- Battle of Dhurma: Part of the Ottoman–Wahhabi war's Najd Expedition
| Date | January 1818 |
| Location | Dhurma, Najd (Central Arabia) |
| Result | Ottoman–Egyptian victory |

Belligerents
- Ottoman Empire Eyalet of Egypt; ;: Emirate of Diriyah

Commanders and leaders
- Ibrahim Pasha: Abdullah Ibn Saud

Strength
- Unknown: ~1,200 soldiers

Casualties and losses
- ~600+ soldiers killed: 800+ soldiers killed 3,000 civilians expelled Unknown number of civilians killed

= Battle of Dhurma (1818) =

Battle and Massacre in Arabia during the Wahhabi War

The Battle of Dhurma was a battle and massacre in the Third Campaign of the Ottoman–Wahhabi war during the Expedition to Najd. The Ottomans laid siege to Dhurma, and their troops intentionally killed many of those that surrendered.

==Battle==
In January 1818, Ibrahim Pasha led Ottoman forces to the Dhurma fortress, a stronghold equipped with an abundance of both defenders and provisions. Upon arrival, Ibrahim Pasha meticulously surveyed the fortress before initiating the siege at its eastern flank. Despite Ottoman bombardments and assaults on the walls, the fierce battle that ensued concluding with the initial Ottoman attack being thwarted. Ibrahim Pasha tried to negotiate with the fortress' garrison, but was unsuccessful and his forces attacked again.

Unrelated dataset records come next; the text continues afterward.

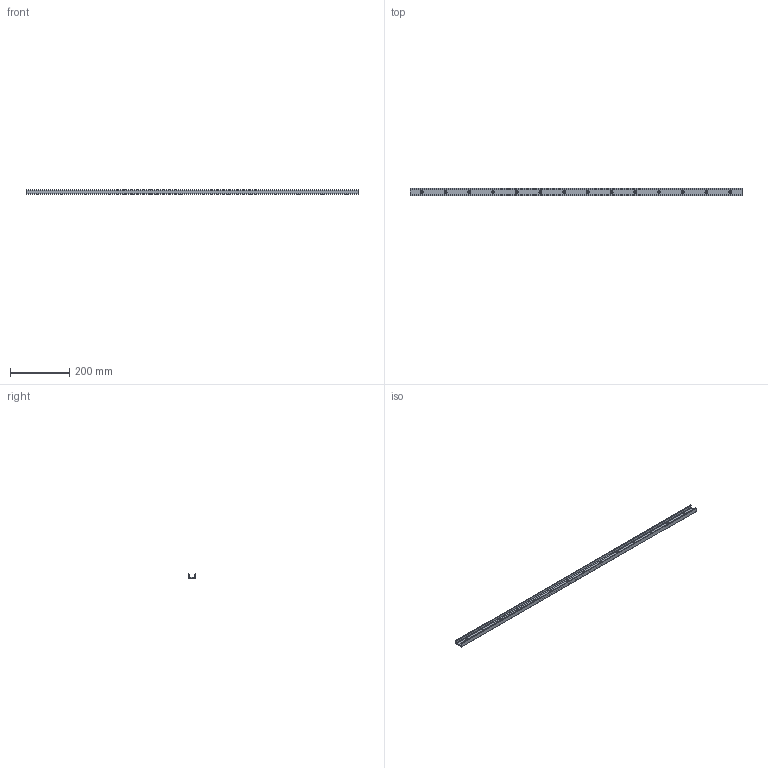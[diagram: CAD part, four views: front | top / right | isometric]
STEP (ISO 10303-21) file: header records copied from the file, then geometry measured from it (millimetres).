
FILE_DESCRIPTION (( 'STEP AP203' ), '1' );
FILE_NAME ('LUC-1-1120.step', '2024-05-13T17:23:01', ( '' ), ( '' ), 'SwSTEP 2.0', 'SolidWorks 2023', '' );
FILE_SCHEMA (( 'CONFIG_CONTROL_DESIGN' ));
Length unit declared in the file: millimetre
Products named in the file (1): LUC-1-1120
Bounding box: 1120 x 26.01 x 15.01 mm (x, y, z)
Volume: 184212 mm3; surface area: 113664.7 mm2
Topology: 1 solids, 1 shells, 92 faces, 228 edges, 152 vertices
Faces by surface type: cylinder 67, plane 25
Entity records: 2939 total; most frequent: DIRECTION 548, CARTESIAN_POINT 473, ORIENTED_EDGE 456, EDGE_CURVE 228, AXIS2_PLACEMENT_3D 227, VERTEX_POINT 152, EDGE_LOOP 134, CIRCLE 134
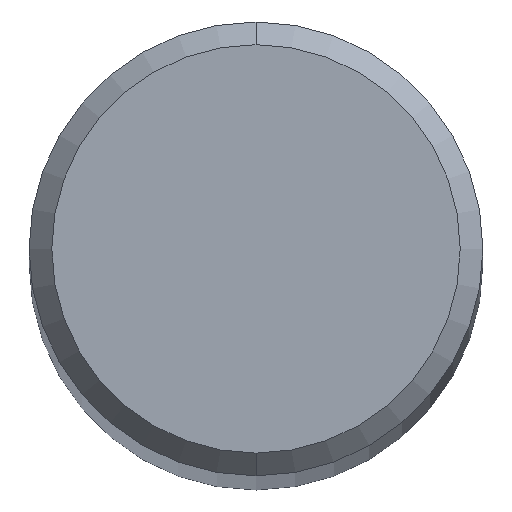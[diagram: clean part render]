
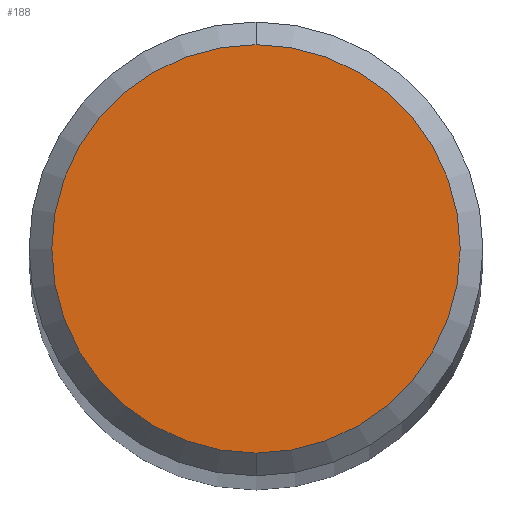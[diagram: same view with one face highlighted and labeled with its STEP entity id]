
A CAD part, top view. The second image highlights one B-rep face of the part: STEP entity #188.
In plain terms, the highlighted planar face has unit normal (0, 0, 1).
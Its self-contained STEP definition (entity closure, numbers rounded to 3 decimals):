
#150=VERTEX_POINT('',#360);
#178=VERTEX_POINT('',#390);
#188=ADVANCED_FACE('',(#400),#401,.T.);
#210=EDGE_CURVE('',#150,#178,#429,.T.);
#292=EDGE_CURVE('',#178,#150,#518,.T.);
#360=CARTESIAN_POINT('',(0.0,0.9,34.82));
#390=CARTESIAN_POINT('',(0.,-0.9,34.82));
#400=FACE_OUTER_BOUND('',#638,.T.);
#401=PLANE('',#639);
#429=CIRCLE('',#673,0.9);
#518=CIRCLE('',#798,0.9);
#638=EDGE_LOOP('',(#916,#917));
#639=AXIS2_PLACEMENT_3D('',#918,#919,#920);
#673=AXIS2_PLACEMENT_3D('',#966,#967,#968);
#798=AXIS2_PLACEMENT_3D('',#1064,#1065,#1066);
#916=ORIENTED_EDGE('',*,*,#210,.F.);
#917=ORIENTED_EDGE('',*,*,#292,.F.);
#918=CARTESIAN_POINT('',(0.0,0.45,34.82));
#919=DIRECTION('',(-0.0,0.0,1.0));
#920=DIRECTION('',(0.0,-1.0,0.0));
#966=CARTESIAN_POINT('',(0.0,0.0,34.82));
#967=DIRECTION('',(0.0,0.0,-1.0));
#968=DIRECTION('',(0.0,1.0,0.0));
#1064=CARTESIAN_POINT('',(0.0,0.0,34.82));
#1065=DIRECTION('',(0.0,0.0,-1.0));
#1066=DIRECTION('',(0.0,1.0,0.0));
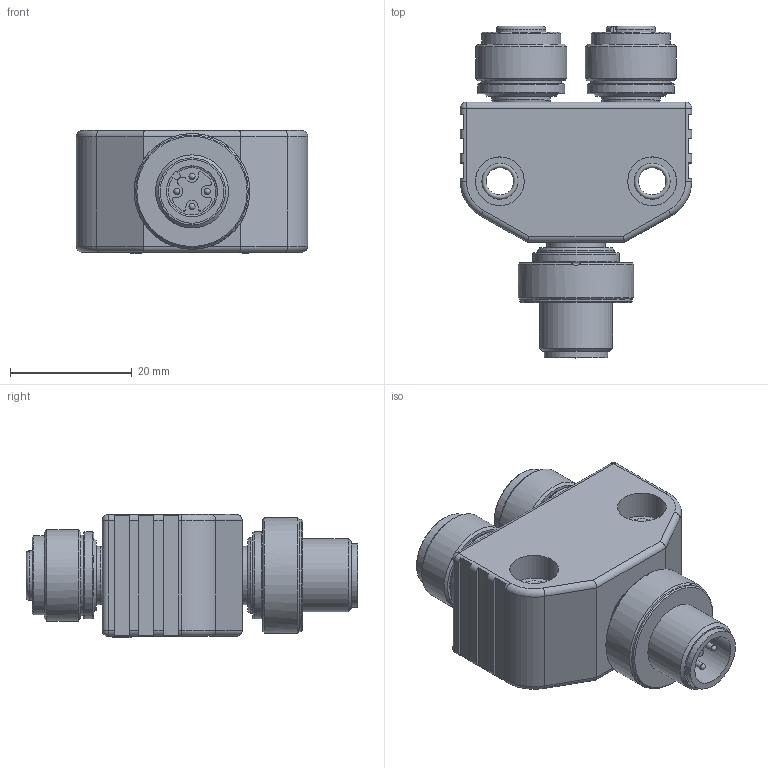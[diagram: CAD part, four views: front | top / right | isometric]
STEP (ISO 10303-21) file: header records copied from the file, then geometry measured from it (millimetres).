
FILE_DESCRIPTION(/* description */ (''),/* implementation_level */ '2;1');
FILE_NAME(/* name */ 'FSM4-2FKM3P3_S89.stp',/* time_stamp */ '2015-11-20T10:03:10+01:00',/* author */ (''),/* organization */ (''),/* preprocessor_version */ 'ST-DEVELOPER v14',/* originating_system */ 'SIEMENS PLM Software NX 8.0',/* authorisation */ '');
FILE_SCHEMA (('AP203_CONFIGURATION_CONTROLLED_3D_DESIGN_OF_MECHANICAL_PARTS_AND_ASSEMBLIES_MIM_LF { 1 0 10303 403 2 1 2}'));
Length unit declared in the file: millimetre
Products named in the file (1): FSM4-2FKM3P3_S89
Bounding box: 38 x 54.5 x 20.2 mm (x, y, z)
Volume: 20199.1 mm3; surface area: 8967.6 mm2
Topology: 1 solids, 1 shells, 334 faces, 832 edges, 543 vertices
Faces by surface type: plane 138, cylinder 133, torus 18, cone 15, extrusion 14, sphere 8, bspline 8
Full cylindrical faces by diameter (mm): 1 x4, 1.15 x6, 1.5 x10, 4.5 x2, 8 x4, 8.375 x1, 9.6 x3, 10.45 x1, 12 x1, 12.3 x2, 12.5 x1, 13 x2, 13.2 x2, 14.25 x3, 15 x2, 18.5 x1, 19 x1
Entity records: 14932 total; most frequent: CARTESIAN_POINT 7403, DIRECTION 1551, ORIENTED_EDGE 1432, EDGE_CURVE 716, AXIS2_PLACEMENT_3D 625, VERTEX_POINT 511, EDGE_LOOP 465, ADVANCED_FACE 334
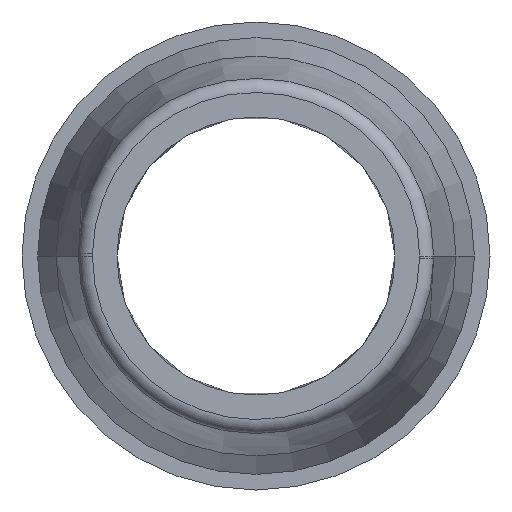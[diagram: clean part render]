
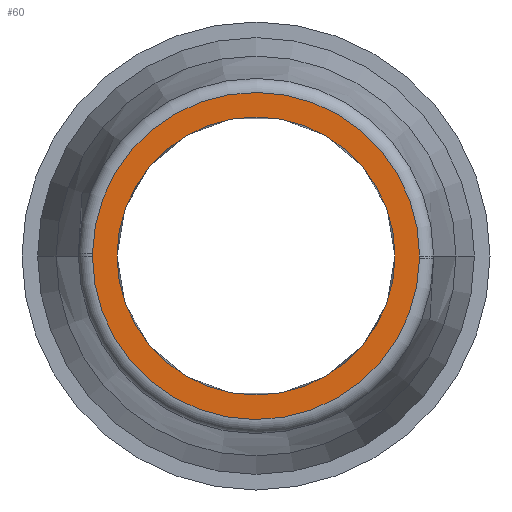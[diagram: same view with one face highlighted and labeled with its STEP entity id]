
A CAD part, left-side view. The second image highlights one B-rep face of the part: STEP entity #60.
In plain terms, the highlighted planar face has unit normal (-1, 0, 0).
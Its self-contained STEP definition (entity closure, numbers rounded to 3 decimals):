
#60=ADVANCED_FACE('',(#129,#130),#131,.T.);
#129=FACE_OUTER_BOUND('',#242,.T.);
#130=FACE_BOUND('',#243,.T.);
#131=PLANE('',#244);
#242=EDGE_LOOP('',(#426,#427,#428,#429));
#243=EDGE_LOOP('',(#430,#431));
#244=AXIS2_PLACEMENT_3D('',#432,#433,#434);
#426=ORIENTED_EDGE('',*,*,#762,.T.);
#427=ORIENTED_EDGE('',*,*,#776,.T.);
#428=ORIENTED_EDGE('',*,*,#766,.T.);
#429=ORIENTED_EDGE('',*,*,#777,.T.);
#430=ORIENTED_EDGE('',*,*,#778,.F.);
#431=ORIENTED_EDGE('',*,*,#775,.F.);
#432=CARTESIAN_POINT('',(-27.5,0.0,0.0));
#433=DIRECTION('',(-1.0,0.0,0.0));
#434=DIRECTION('',(0.0,0.0,1.0));
#762=EDGE_CURVE('',#922,#919,#923,.T.);
#766=EDGE_CURVE('',#930,#927,#931,.T.);
#775=EDGE_CURVE('',#943,#941,#945,.T.);
#776=EDGE_CURVE('',#919,#930,#946,.T.);
#777=EDGE_CURVE('',#927,#922,#947,.T.);
#778=EDGE_CURVE('',#941,#943,#948,.T.);
#919=VERTEX_POINT('',#1109);
#922=VERTEX_POINT('',#1112);
#923=CIRCLE('',#1113,5.766);
#927=VERTEX_POINT('',#1117);
#930=VERTEX_POINT('',#1120);
#931=CIRCLE('',#1121,5.766);
#941=VERTEX_POINT('',#1131);
#943=VERTEX_POINT('',#1134);
#945=CIRCLE('',#1137,4.9);
#946=CIRCLE('',#1138,5.766);
#947=CIRCLE('',#1139,5.766);
#948=CIRCLE('',#1140,4.9);
#1109=CARTESIAN_POINT('',(-27.5,5.765,0.083));
#1112=CARTESIAN_POINT('',(-27.5,-5.766,0.0));
#1113=AXIS2_PLACEMENT_3D('',#1364,#1365,#1366);
#1117=CARTESIAN_POINT('',(-27.5,-5.765,-0.083));
#1120=CARTESIAN_POINT('',(-27.5,5.766,0.0));
#1121=AXIS2_PLACEMENT_3D('',#1376,#1377,#1378);
#1131=CARTESIAN_POINT('',(-27.5,-4.9,0.0));
#1134=CARTESIAN_POINT('',(-27.5,4.9,0.0));
#1137=AXIS2_PLACEMENT_3D('',#1399,#1400,#1401);
#1138=AXIS2_PLACEMENT_3D('',#1402,#1403,#1404);
#1139=AXIS2_PLACEMENT_3D('',#1405,#1406,#1407);
#1140=AXIS2_PLACEMENT_3D('',#1408,#1409,#1410);
#1364=CARTESIAN_POINT('',(-27.5,0.0,0.0));
#1365=DIRECTION('',(-1.0,0.0,0.0));
#1366=DIRECTION('',(0.0,-1.0,0.0));
#1376=CARTESIAN_POINT('',(-27.5,0.0,0.0));
#1377=DIRECTION('',(-1.0,0.0,0.0));
#1378=DIRECTION('',(0.0,1.0,0.0));
#1399=CARTESIAN_POINT('',(-27.5,0.0,0.0));
#1400=DIRECTION('',(-1.0,0.0,0.0));
#1401=DIRECTION('',(0.0,1.0,0.0));
#1402=CARTESIAN_POINT('',(-27.5,0.0,0.0));
#1403=DIRECTION('',(-1.0,0.0,0.0));
#1404=DIRECTION('',(0.0,-1.0,0.0));
#1405=CARTESIAN_POINT('',(-27.5,0.0,0.0));
#1406=DIRECTION('',(-1.0,0.0,0.0));
#1407=DIRECTION('',(0.0,1.0,0.0));
#1408=CARTESIAN_POINT('',(-27.5,0.0,0.0));
#1409=DIRECTION('',(-1.0,0.0,0.0));
#1410=DIRECTION('',(0.0,-1.0,0.0));

Ottoman cannons bombed the fortress walls relentlessly, reportedly firing 5,300 shots at the stronghold. Despite the strength of their renewed attack, they were decisively repulsed again, and incurred losses of 600 men. The garrison was undeterred by the initial attacks and even began reconstruction on damaged sections of the fortress walls. After his attacks from the east failed, Ibrahim Pasha subsequently attacked the fortress, under the leadership of Mut'ab bin 'Aafisan, from the south. After additional cannon bombardments and another assault, the Ottomans succeeded in seizing the fortress, infiltrating it from all sides. Street battles continued within the walls, which caused numerous additional Ottoman casualties. The battle resulted in the death of 800 of Saud's soldiers, with only 400 of 1,200 surviving.

==Massacre==
Inside the fortress, the Ottomans conducted a ruthless campaign, targeting residents in both shops and houses. In a deceitful maneuver, after surrendering soldiers had their weapons confiscated only to be subsequently killed by Ottomans. The fortress endured widespread pillaging of money, weapons, cattle, clothing, and personal belongings and was rendered uninhabitable. Ibrahim Pasha seized control and captured 3,000 women and children, dispatching them to Diriyah.